- Supreme Court of Canada

Hearing: December 10, 1986 Judgment: December 3, 1987
- Full case name: Yvan Vaillancourt v Her Majesty The Queen
- Citations: [1987] 2 S.C.R. 636
- Docket No.: 18963

Court membership
- Chief Justice: Dickson
- Puisne Justices: Beetz, Estey, McIntyre, Chouinard*, Lamer, Wilson, Le Dain and La Forest JJ. (*)Chouinard took no part in judgment

Reasons given
- Majority: Lamer J. (paras. 1-43), joined by Dickson, Estey, Wilson J.
- Concurrence: Beetz J. (paras. 44-46), joined by Le Dain J.
- Dissent: McIntyre J. (paras. 47-54)

= R v Vaillancourt =

R v Vaillancourt, [1987] 2 S.C.R. 636, is a case from the Supreme Court of Canada on the constitutionality of the Criminal Code concept of "constructive murder". The Court raised the possibility that crimes with significant "stigma" attached, such as murder, require proof of the mens rea element of subjective foresight of death, but declined to decide on that basis. Instead, they concluded that all crimes require proof of at least objective fault, that the particular provision at issue here did not meet that requirement, and therefore that provision of the Criminal Code for constructive murder was unconstitutional.

== Background ==
Yvan Vaillancourt and a friend planned to rob a local pool hall. Before the robbery they had agreed to only use knives. However, when his friend showed up for the robbery with a gun Vaillancourt made him take the bullets out and place them in his glove. Immediately after the robbery took place, Vaillancourt saw his friend go back into the hall where a fight broke out between his friend and a customer. In the struggle, the customer was shot with his friend's gun and later died of his wounds. Vaillancourt was caught by the police at the scene but his accomplice got away.

Vaillancourt was charged with murder under s. 213(d) (now repealed) of the Criminal Code because he was considered an accomplice by operation under s.21(2) of the Code. Under s.213(d), a person using a weapon resulting in death while committing a robbery was guilty of murder, regardless of whether death was intended or of knowledge that death was likely to occur. He was convicted by a jury at trial, and the conviction was upheld by the Quebec Court of Appeal.

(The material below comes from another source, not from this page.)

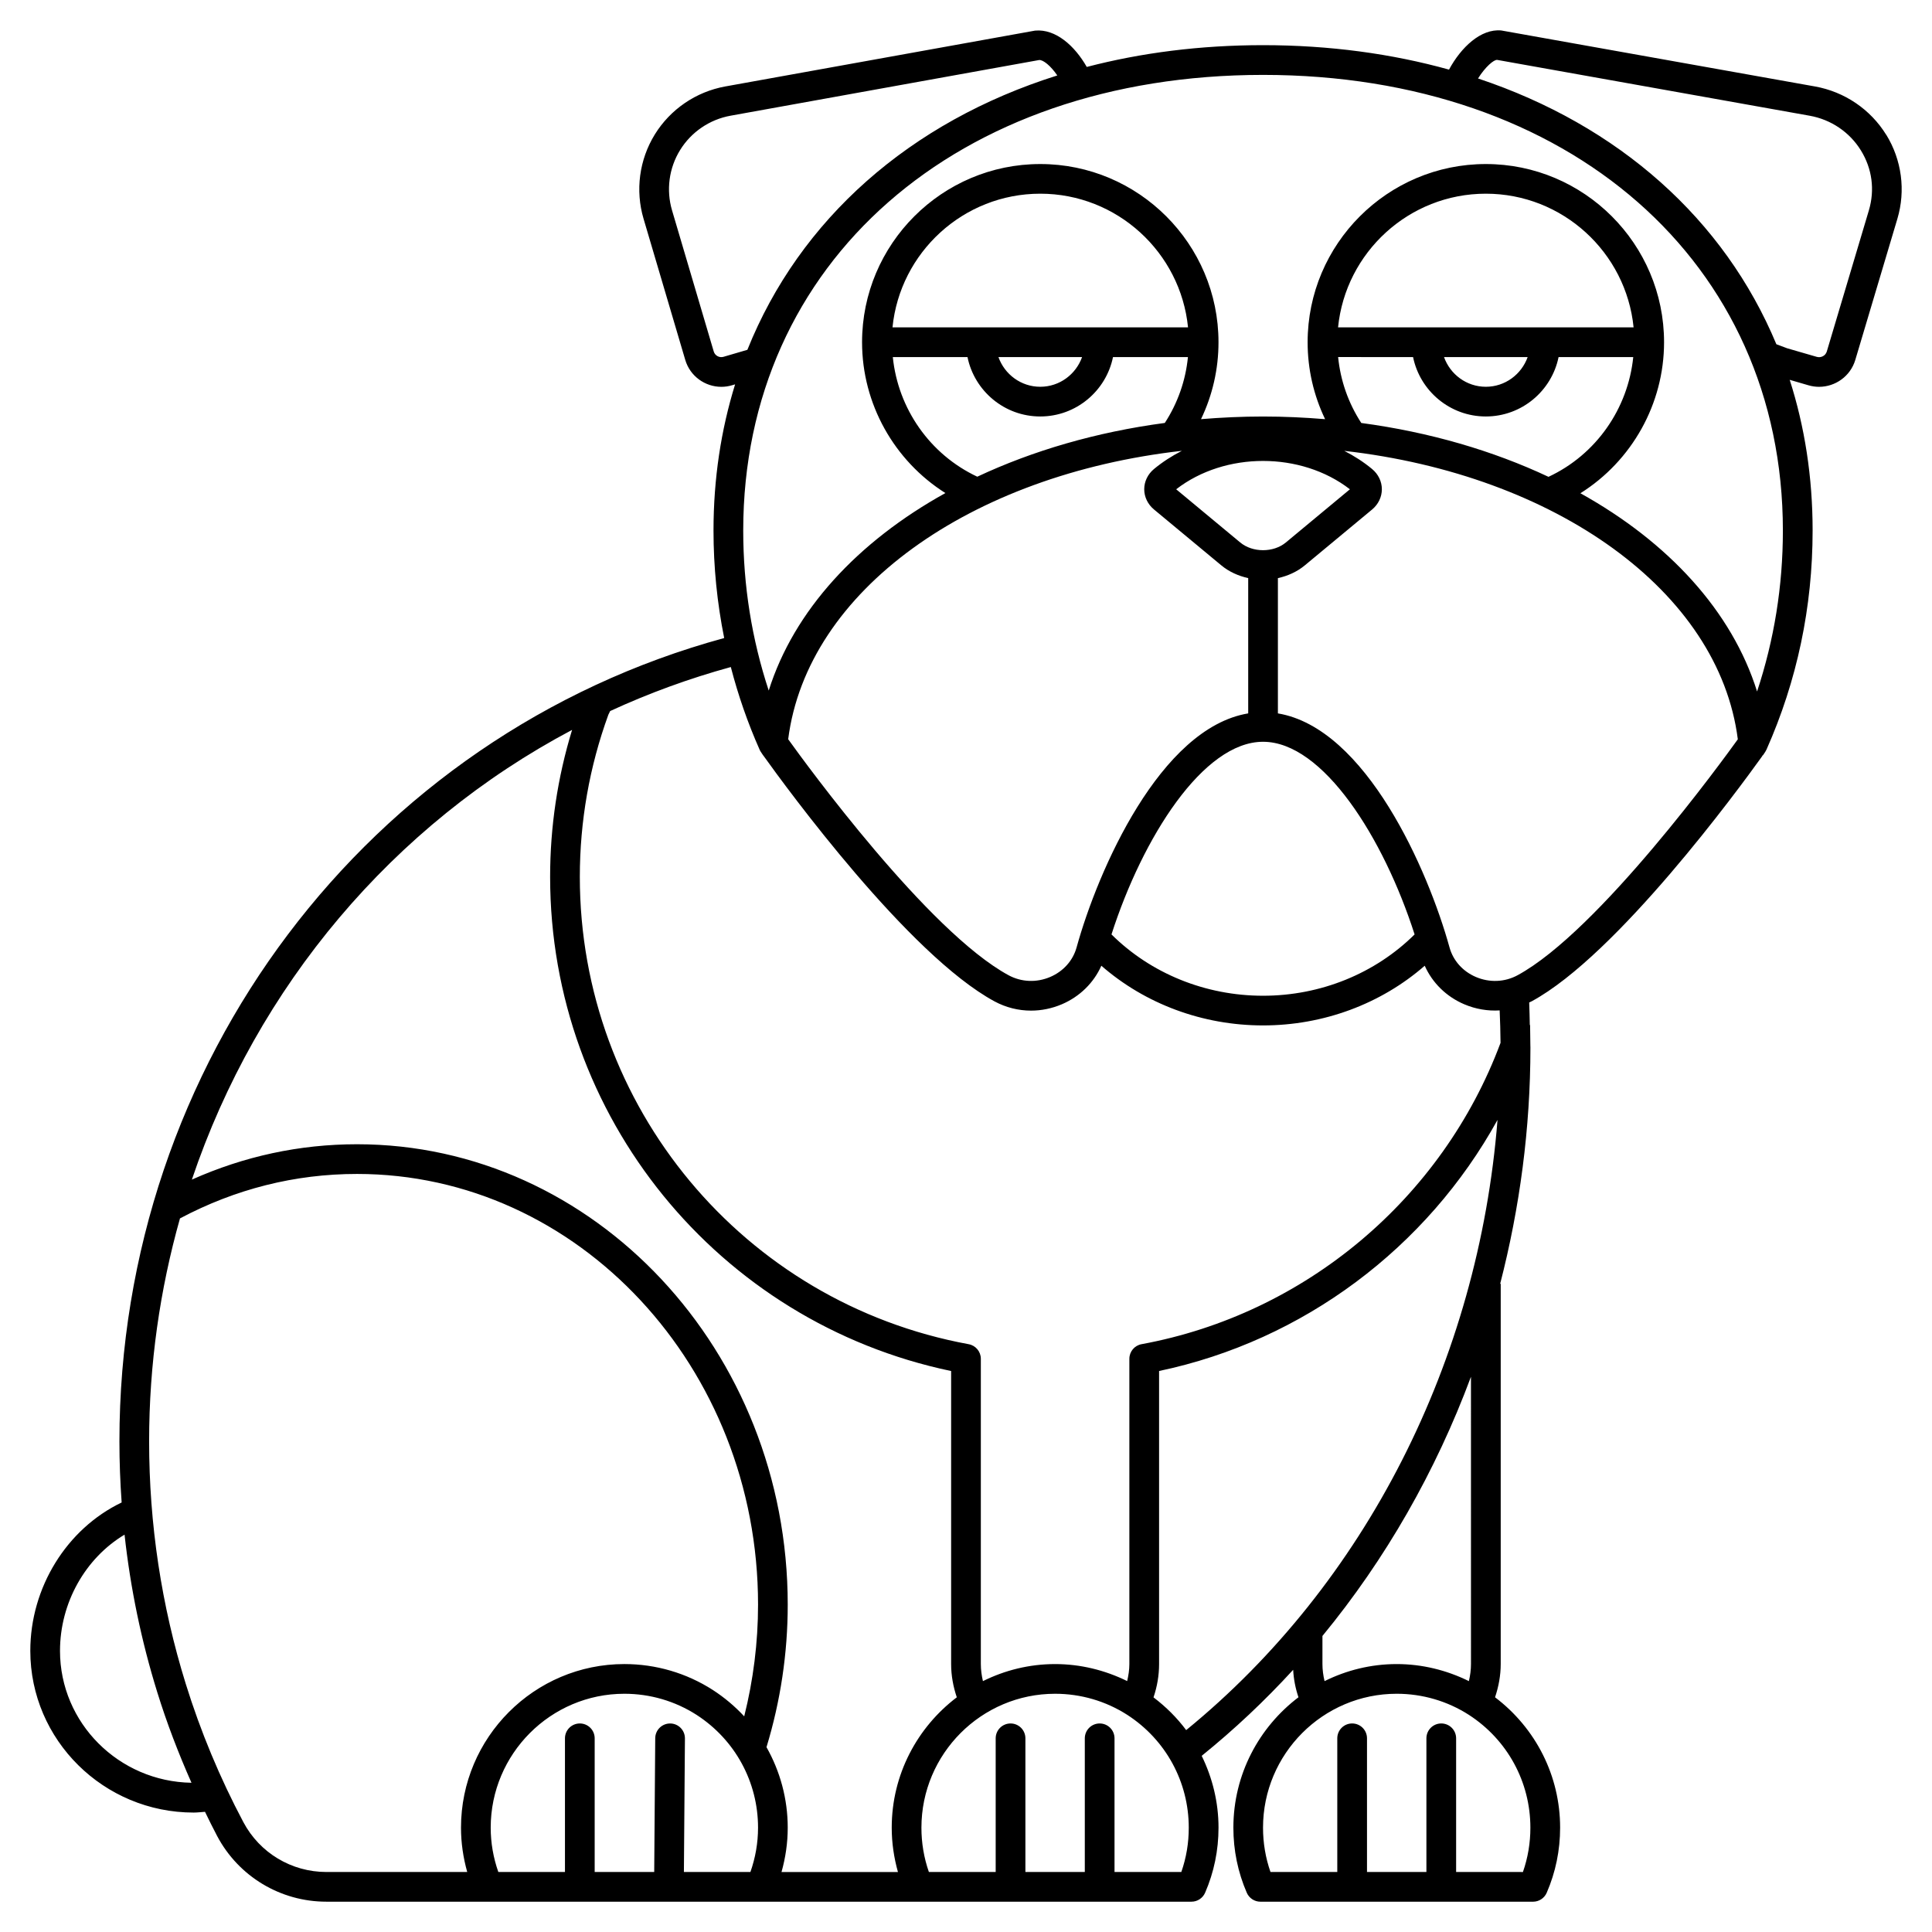 <?xml version="1.0" encoding="UTF-8"?>
<!-- Uploaded to: ICON Repo, www.svgrepo.com, Generator: ICON Repo Mixer Tools -->
<svg fill="#000000" width="800px" height="800px" version="1.1" viewBox="144 144 512 512" xmlns="http://www.w3.org/2000/svg">
 <path d="m643.87 179.73c-4.156-6.742-11.043-11.418-18.898-12.82l-83.121-14.836c-5.41-0.516-10.66 4.465-13.848 10.375-15.145-4.211-31.656-6.481-49.285-6.481-16.633 0-32.277 2.012-46.715 5.773-3.188-5.586-8.215-10.133-13.699-9.629l-82.086 14.797c-7.75 1.398-14.562 6.039-18.691 12.73-4.113 6.676-5.199 14.812-2.981 22.324l11.055 37.422c1.277 4.32 5.258 7.129 9.555 7.129 0.926 0 1.875-0.129 2.805-0.406l0.848-0.246c-3.731 12.051-5.723 25.012-5.723 38.734 0 9.688 0.969 19.199 2.832 28.492-94.566 25.785-160.27 112.67-160.27 212.86 0 5.43 0.203 10.84 0.59 16.223-14.547 6.981-24.207 22.508-24.207 39.32 0.004 23.633 19.426 42.859 43.297 42.859 1 0 1.996-0.133 3-0.199 1.055 2.156 2.102 4.316 3.227 6.434 5.695 10.723 16.781 17.383 28.93 17.383h229.27c1.566 0 2.988-0.934 3.613-2.375 2.359-5.445 3.551-11.246 3.551-17.246 0-6.734-1.605-13.195-4.457-19.031 8.648-6.988 16.738-14.605 24.238-22.801 0.137 2.492 0.609 4.934 1.406 7.281-10.453 7.922-17.25 20.441-17.25 34.555 0 6 1.195 11.805 3.551 17.246 0.625 1.441 2.047 2.375 3.613 2.375h72.262c1.566 0 2.988-0.934 3.613-2.375 2.359-5.445 3.551-11.246 3.551-17.246 0-13.699-6.422-26.348-17.246-34.551 0.953-2.832 1.504-5.793 1.504-8.809v-100.77h-0.145c5.199-20.188 8.016-41.207 8.016-62.578 0-0.211-0.016-0.422-0.016-0.629v-0.012c-0.004-1.793-0.027-3.578-0.07-5.356h-0.078c-0.047-2-0.07-4.004-0.16-5.977 0.219-0.109 0.449-0.195 0.668-0.316 22.645-12.281 54.801-56.188 61.023-64.875 0.074-0.102 0.121-0.219 0.188-0.328l0.055 0.035 0.621-0.934c0.121-0.188 0.234-0.387 0.328-0.594 8.113-18.258 12.227-37.797 12.227-58.07 0-14.176-2.102-27.551-6.074-39.93l4.969 1.449c0.938 0.273 1.883 0.406 2.809 0.406 4.32 0 8.316-2.805 9.605-7.121l11.156-37.418c2.227-7.484 1.156-15.594-2.945-22.254zm-308.13 58.828c-1.094 0.328-2.266-0.305-2.59-1.402l-11.055-37.418c-1.586-5.371-0.812-11.195 2.133-15.965 2.953-4.789 7.832-8.117 13.387-9.113l81.773-14.754c1.043-0.078 3.016 1.469 4.809 4.09-39.094 12.309-68.27 38.137-82.133 72.707zm-40.133 98.871c-3.852 12.617-5.82 25.684-5.82 38.957 0 63.48 44.496 118.03 106.27 130.95v77.664c0 3.016 0.551 5.981 1.504 8.805-10.449 7.922-17.246 20.441-17.246 34.555 0 4.027 0.586 7.945 1.648 11.746h-30.855c1.066-3.797 1.648-7.723 1.648-11.746 0-7.633-2.008-14.934-5.629-21.344 3.699-12.16 5.629-24.844 5.629-37.758 0-67.277-51.207-122.02-114.14-122.02-15.23 0-29.906 3.18-43.77 9.371 17.262-51.207 53.234-94.012 100.76-119.18zm26.004 263.31h-0.031c-2.16 0-3.922 1.742-3.938 3.906l-0.27 35.453h-15.777v-35.426c0-2.172-1.758-3.938-3.938-3.938-2.176 0-3.938 1.762-3.938 3.938v35.426h-17.66c-1.316-3.754-2.019-7.688-2.019-11.746 0-19.566 15.891-35.488 35.426-35.488 6.824 0 13.453 1.941 19.156 5.609 10.188 6.598 16.266 17.762 16.266 29.879 0 4.059-0.703 7.988-2.019 11.746h-17.629l0.273-35.395c0.016-2.168-1.73-3.949-3.902-3.965zm-161.71-19.242c0-12.766 6.731-24.586 17.105-30.801 1.559 14.227 4.461 28.227 8.695 41.84 2.519 8.129 5.586 16.109 9.043 23.914-19.266-0.309-34.844-15.855-34.844-34.953zm48.602 45.402c-6.219-11.703-11.359-24.047-15.285-36.691-6.438-20.699-9.699-42.316-9.699-64.254 0-20.41 2.863-40.234 8.176-59.066 14.695-7.793 30.465-11.781 46.926-11.781 58.598 0 106.27 51.203 106.27 114.14 0 10.078-1.266 19.992-3.668 29.605-2.441-2.633-5.231-4.992-8.332-7-6.988-4.488-15.086-6.859-23.426-6.859-23.871 0-43.297 19.449-43.297 43.359 0 4.027 0.586 7.945 1.648 11.746h-37.344c-9.223-0.004-17.648-5.059-21.973-13.203zm248.56 13.199h-17.703v-35.426c0-2.172-1.758-3.938-3.938-3.938-2.176 0-3.938 1.762-3.938 3.938v35.426h-15.742v-35.426c0-2.172-1.758-3.938-3.938-3.938-2.176 0-3.938 1.762-3.938 3.938v35.426h-17.703c-1.312-3.754-1.977-7.695-1.977-11.746 0-19.566 15.891-35.488 35.426-35.488 6.824 0 13.453 1.941 19.156 5.609 10.188 6.598 16.266 17.762 16.266 29.879 0.004 4.051-0.66 7.992-1.973 11.746zm1.289-37.598c-2.422-3.258-5.344-6.164-8.66-8.68 0.961-2.836 1.477-5.797 1.477-8.824v-77.668c38.234-8.02 71.008-32.68 89.688-66.543-5.035 63.809-34.992 122.91-82.504 161.71zm91.215 25.855c0 4.055-0.664 7.992-1.977 11.746l-17.703-0.004v-35.426c0-2.172-1.758-3.938-3.938-3.938-2.176 0-3.938 1.762-3.938 3.938v35.426h-15.742v-35.426c0-2.172-1.758-3.938-3.938-3.938-2.176 0-3.938 1.762-3.938 3.938v35.426h-17.703c-1.312-3.754-1.977-7.695-1.977-11.746 0-19.566 15.891-35.488 35.426-35.488 6.824 0 13.453 1.941 19.156 5.609 10.188 6.602 16.27 17.766 16.27 29.883zm-15.742-43.359c0 1.531-0.207 3.043-0.555 4.519-5.934-2.926-12.438-4.519-19.125-4.519-6.871 0-13.352 1.652-19.125 4.519-0.348-1.477-0.559-2.988-0.559-4.519v-7.453c16.73-20.324 30.023-43.59 39.359-68.688zm7.836-164.64c-15.414 41.328-51.805 71.898-95.141 79.867-1.867 0.34-3.227 1.969-3.227 3.871v80.902c0 1.535-0.238 3.031-0.582 4.504-5.922-2.914-12.418-4.504-19.098-4.504-6.871 0-13.352 1.652-19.125 4.519-0.344-1.477-0.555-2.988-0.555-4.519v-80.902c0-1.898-1.359-3.527-3.223-3.867-59.711-10.98-103.05-63.059-103.05-123.84 0-14.727 2.543-29.184 7.562-42.98l0.477-0.973c10.203-4.707 20.883-8.617 31.977-11.664 1.941 7.469 4.473 14.789 7.633 21.902 0.09 0.207 0.203 0.406 0.328 0.594l0.621 0.934 0.012-0.008c6.312 8.828 38.484 52.82 61.266 65.172 3.027 1.633 6.348 2.461 9.699 2.461 2.754 0 5.531-0.562 8.168-1.684 4.762-2.035 8.445-5.684 10.469-10.211 11.586 10.109 26.816 15.816 42.844 15.816s31.262-5.707 42.852-15.816c2.027 4.531 5.707 8.18 10.469 10.211 3.023 1.289 6.231 1.82 9.391 1.629 0.113 2.852 0.215 5.699 0.23 8.586zm-161.14-189.6c1.984-19.859 18.785-35.426 39.16-35.426 20.371 0 37.18 15.562 39.16 35.426zm50.242 7.871c-1.629 4.57-5.961 7.871-11.082 7.871-5.125 0-9.453-3.301-11.082-7.871zm-30.367 0c1.832 8.969 9.777 15.742 19.281 15.742 9.504 0 17.453-6.773 19.281-15.742h19.859c-0.617 6.238-2.703 12.184-6.129 17.457-18.16 2.422-34.98 7.34-49.695 14.246-12.574-5.898-21.004-18.043-22.387-31.699zm98.203-7.871c1.984-19.859 18.785-35.426 39.16-35.426 20.371 0 37.18 15.562 39.16 35.426zm50.246 7.871c-1.629 4.57-5.961 7.871-11.082 7.871-5.125 0-9.453-3.301-11.082-7.871zm-30.367 0c1.832 8.969 9.777 15.742 19.281 15.742 9.504 0 17.453-6.773 19.281-15.742h19.789c-1.391 13.684-9.844 25.855-22.461 31.738-14.695-6.914-31.492-11.844-49.613-14.273-3.43-5.273-5.519-11.227-6.137-17.469zm-39.758 101.95c15.859 0 31.922 25.379 40.164 51.055-10.41 10.32-24.84 16.25-40.164 16.25-15.32 0-29.754-5.922-40.164-16.25 8.246-25.68 24.305-51.055 40.164-51.055zm-6.035-52.809-16.984-14.102c12.93-10.016 33.109-10.016 46.039 0l-16.984 14.102c-3.277 2.719-8.793 2.719-12.07 0zm-15.48-24.297c-2.617 1.348-5.109 2.934-7.379 4.816-1.648 1.363-2.594 3.32-2.594 5.363 0 2.047 0.945 4.004 2.59 5.367l17.836 14.805c2.066 1.715 4.539 2.805 7.129 3.383v35.848c-23.352 3.898-39.82 41.566-45.477 62.012-0.961 3.496-3.516 6.352-7 7.84-3.613 1.543-7.629 1.379-11.027-0.457-21.324-11.562-53.668-55.941-58.406-62.547 5.027-39.387 48.281-70.094 104.33-76.43zm88.961 138.98c-3.391 1.836-7.414 2-11.031 0.461-3.488-1.488-6.039-4.344-7-7.848-5.656-20.438-22.125-58.105-45.477-62.008v-35.848c2.586-0.574 5.059-1.664 7.129-3.379l17.836-14.805c1.641-1.363 2.586-3.324 2.586-5.371s-0.945-4-2.594-5.363c-2.266-1.883-4.75-3.465-7.363-4.809 56.004 6.363 99.289 37.184 104.29 76.441-3.715 5.168-36.805 50.832-58.371 62.527zm63.477-75.203c-6.656-21.281-23.52-39.59-46.82-52.531 13.629-8.562 22.172-23.672 22.172-40.016 0-26.043-21.188-47.23-47.23-47.23s-47.23 21.188-47.23 47.23c0 7.141 1.598 14.059 4.633 20.383-5.398-0.449-10.875-0.703-16.445-0.703s-11.047 0.254-16.441 0.699c3.035-6.324 4.633-13.246 4.633-20.379 0-26.043-21.188-47.23-47.23-47.23-26.043 0-47.23 21.188-47.23 47.23 0 16.312 8.504 31.395 22.086 39.965-23.277 12.898-40.137 31.129-46.82 52.34-4.473-13.574-6.758-27.777-6.758-42.398 0-71.098 56.652-120.76 137.76-120.76s137.76 49.656 137.76 120.76c0 14.707-2.316 28.988-6.84 42.641zm29.633-127.51-11.156 37.418c-0.332 1.109-1.516 1.742-2.672 1.41l-7.832-2.269-2.859-1.07c-13.793-33.105-41.762-58.008-79.062-70.43 1.953-3.125 4.219-5.023 5.086-4.922l82.812 14.797c5.648 1.008 10.598 4.359 13.574 9.203 2.973 4.816 3.719 10.449 2.109 15.863z"/>
</svg>

The issue before the court was whether s.213(d) violated either s.7 or s.11(d) of the Charter.

Vaillancourt argued that it was a principle of fundamental justice that no accused should be liable for an offence without showing some degree of subjective mens rea.

== Reasons of the majority ==
The majority was written by Lamer J. with Dickson, Estey, and Wilson JJ. concurring.

The majority looked at the elements of the offence as well as the punishment that accompanies it. Punishment for murder was an automatic life sentence which produced a "stigma" upon the offender. Justice Lamer offered as his own opinion the view that because the moral blameworthiness of an accused must be proportional to the punishment and stigma of the offence, there were certain offences, such as murder, where there must be proof beyond a reasonable doubt of subjective foresight. However, it was not necessary to decide that point, because it had already been settled that no conviction for any offence could occur without proof of at least objective foresight.

The majority modified Vaillancourt's argument to recognize that the provision did not even require an objective fault element, which the majority recognized to be a principle of fundamental justice. Thus, since s.213(d) did not require any foresight of death it was in violation of a principle of fundamental justice and so violated s. 7 of the Charter, and could not be saved under s.1.

The suggestion that high punishment/high stigma offences must have subjective fault was later adopted by a majority of the Court in R. v. Martineau, [1990] 2 SCR 633.